España es, y este es uno de los datos más llamativos, el país donde más personas confirman haberla probado: doce de cada cien personas lo han hecho (excluyendo a los menores, son casi cinco millones de personas). En 2007 eran ocho de cada cien. Al comienzo de los 2000, cinco. ¿Por qué? Noche de sábado, cola en el baño de un bar, parejas o tríos que entran juntos y salen acelerados, con las pupilas dilatadas y la lengua desatada. ¿Una rayita? Festival de música, reparto de funciones: unos compran las entradas y otros pillan. ¿Una rayita? Cena de negocios, se cierra un trato y se adereza con copa y visita al baño o se adelanta la visita a mitad del menú para maridar la adrenalina de la caza del contrato. ¿Una rayita? Fiestas patronales, plegaria a la Virgen y tiros en un callejón. ¿Una rayita? O un lunes cualquiera que se tuerce en la oficina pero hay que rendir. ¿Una rayita? O una reunión entre amigos en la que el postre se sustituye por el azúcar glas que alguien ha traído en una bolsita, cerrado con el alambre del pan bimbo. ¿Una rayita? O una fiesta en una casa en la que ya no hay ni que meterse a hurtadillas. ¿Una rayita? O un profesor universitario en su despacho entre clases, harto de corregir exámenes. ¿Una rayita? O un músico azuzando las musas o espantando los fantasmas, que probablemente sea lo mismo. ¿Una rayita? O un camarero escabulléndose al baño para meterse y aguantar. ¿Una rayita? O una modelo tras un desfile, como dice la canción de Loquillo, "Chanel, cocaína y Dom Pérignon". (...)

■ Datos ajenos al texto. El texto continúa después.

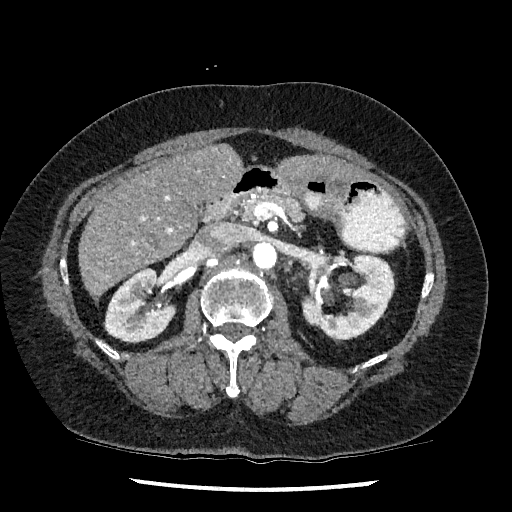

Computed tomography, 512x512, Upper abdomen

2 kidney regions appear at rect(303, 255, 393, 339); rect(105, 261, 187, 341). 2 liver regions appear at rect(278, 157, 366, 182); rect(78, 145, 242, 296).
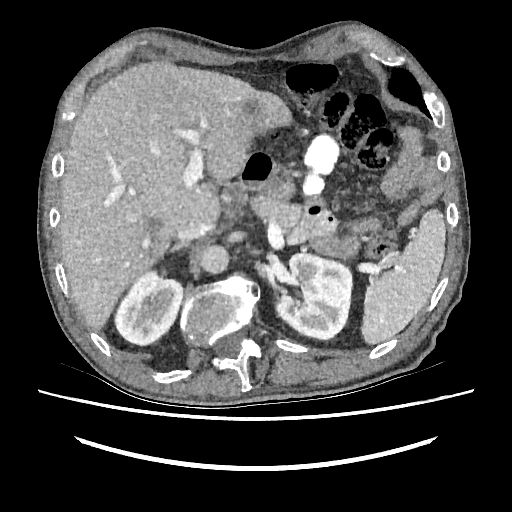
Computed tomography
* kidney: box=[273, 253, 351, 339]; box=[115, 272, 182, 344]
* focal liver lesion: box=[246, 101, 255, 113]; box=[145, 218, 164, 241]; box=[248, 121, 264, 138]
* liver: box=[60, 62, 291, 328]
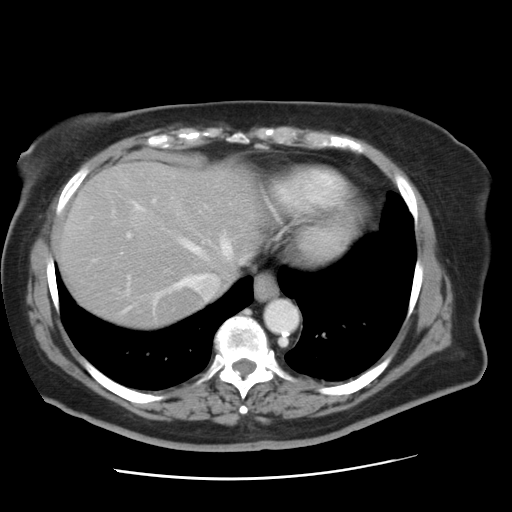 CT slice
Only some of the vessels may be annotated.
10 hepatic vessel regions appear at 180:239:210:260, 127:275:129:279, 123:307:128:311, 153:293:160:307, 133:202:141:208, 152:198:155:200, 171:273:218:299, 127:233:129:236, 220:237:231:259, 126:286:128:293.
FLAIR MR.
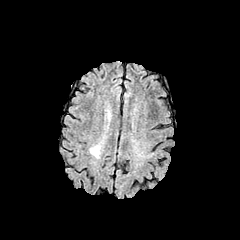
T1-weighted MRI.
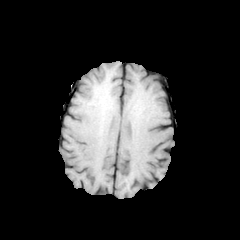
Post-contrast T1-weighted magnetic resonance.
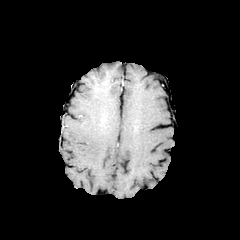
T2-weighted magnetic resonance.
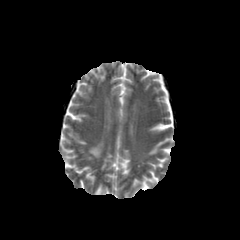
Brain
The edema is at box=[90, 142, 103, 158].
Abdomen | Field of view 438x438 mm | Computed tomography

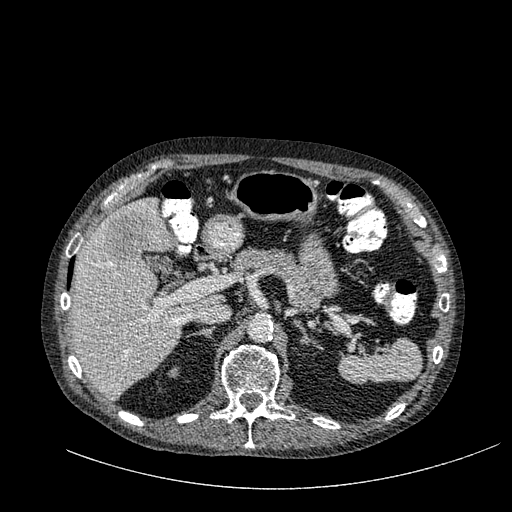

Findings:
* liver lesion: [104, 210, 153, 263]
* liver: [71, 197, 224, 398]
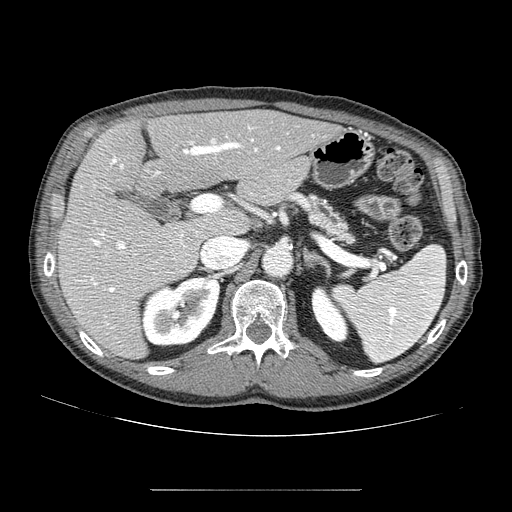
Abdomen; Computed tomography
The pancreas appears at <bbox>306, 194, 354, 242</bbox>.
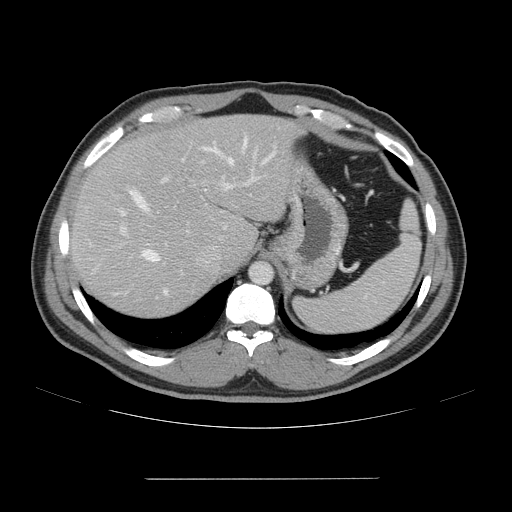
CT.

The vessel boxes may cover only some of the vessels.
Top 15 of 17 hepatic vessel regions: 113 293 118 294, 164 290 167 294, 201 144 221 154, 243 137 247 148, 141 249 158 261, 227 158 233 164, 254 151 255 157, 182 158 184 161, 160 178 167 182, 247 168 256 185, 263 152 273 162, 120 210 125 215, 129 189 147 209, 120 225 126 233, 222 183 232 189.
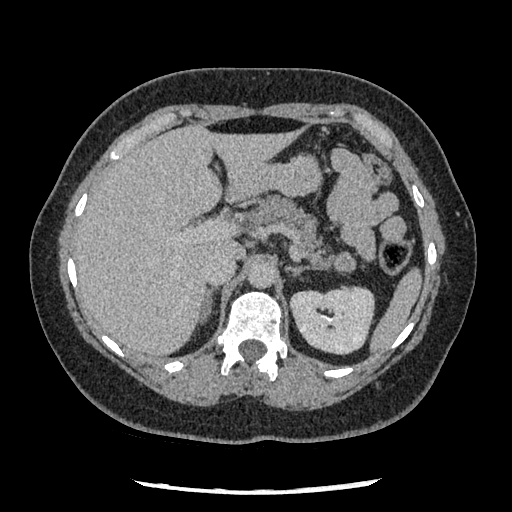

CT scan slice
The pancreatic tumor is bounded by [336, 252, 356, 273]. The pancreas is bounded by [252, 196, 339, 269].

O dos médicos en un hospital para resistir el agotamiento y estrés de la guardia. ¿Una rayita? O cualquier otra opción porque caben muchas más y todas son válidas y ciertas. ¿Una rayita? La cocaína está desde hace años integrada en España. Su consumo ya no resulta extraordinario; se ha normalizado. Aunque siga tomándose a escondidas (la ceremonia es parte del consumo) y no se confiese que se hace, es habitual, no sorprende su presencia para quienes la consumen ni para quienes no, al menos en ciertos momentos o contextos y, sobre todo, en ese sector de la población de los adultos entre los treinta y los cincuenta. Su consumo se mantiene estable o sujeto, como el de tantos otros productos, a los ciclos económicos. (...)

Ya no es exclusiva de esa clase alta, de los poderosos o los ricos. Se ha democratizado. El límite es el sueldo. Y ha sucedido, y sigue haciéndolo, en silencio. Sorprende lo integrada que está, como choca que no se hable de ello. De la coca solo se habla para pillar y nunca por su nombre, como si nombrándola se invocara una maldición. (...)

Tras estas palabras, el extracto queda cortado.